Prince William and Kate Middleton’s recent win against Paris Match is being celebrated as proof of royal dignity and restraint. The French court’s ruling confirmed that the magazine violated the couple’s privacy when it published long-lens photographs of their ski holiday with their children in April 2025. The decision required Paris Match to print a judicial notice and cover legal fees, a victory Kensington Palace has framed as a firm but principled stand. Yet the media coverage tells another story. One that reveals how protection, not accountability, defines the narrative around the future King.
A Carefully Managed Privacy Victory
The reporting across outlets like Reuters, HELLO!, and The Independent strikes the usual tone: admiration for William’s resolve, reverence for the family’s “quiet dignity,” and sympathy for his stance on privacy in light of his mother’s death.
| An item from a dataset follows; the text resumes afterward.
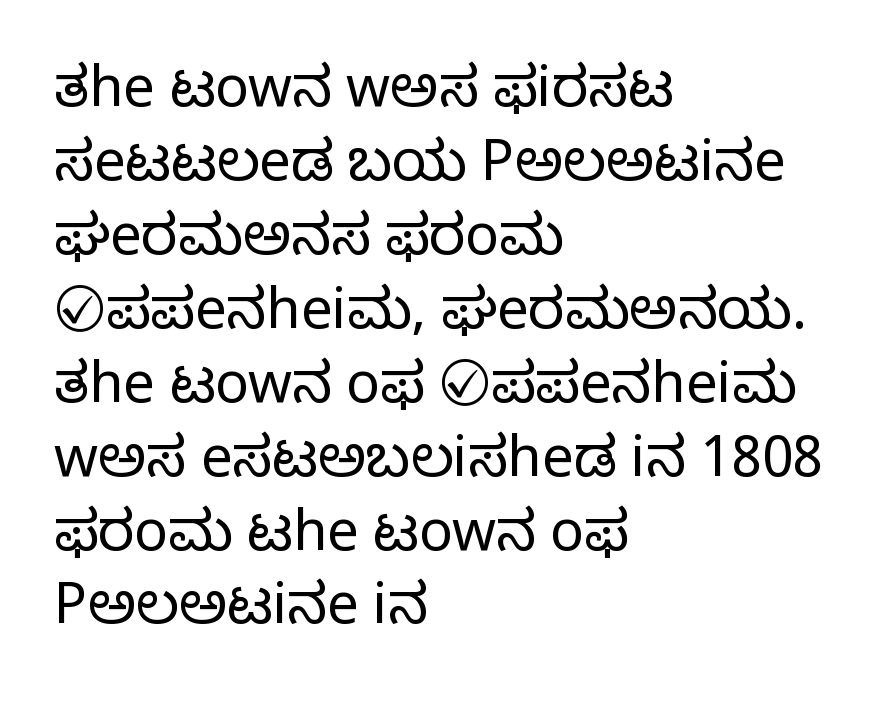
{"serif": "no", "italic": "no", "bold": "no", "weight": "light", "width": "normal", "stroke_contrast": "low", "x_height": "medium", "monospaced": "no", "underline": "no", "align": "left", "line_spacing": "normal", "line_spacing_ratio": 1.32, "letter_spacing": "normal", "letter_spacing_em": 0.0, "glyph_px": 56}

What’s missing is any examination of how privacy laws are applied selectively within the monarchy. When Meghan and Harry pursued legal cases against tabloids, headlines called them “at war with the media” and warned their lawsuits would “backfire.” Yet when William and Kate do the same, the tone shifts entirely. Their actions become “dignified” and “grossly intrusive” violations of their privacy. The press that once questioned whether Harry and Meghan had a “right” to sue now applauds William for defending his family.

This is not a reflection of different legal principles but of unequal power. Kensington Palace’s press operation has mastered the art of shaping royal coverage. The court victory becomes not a story of intrusion, but of William’s control, another reminder that palace-approved privacy is the only kind the British press respects.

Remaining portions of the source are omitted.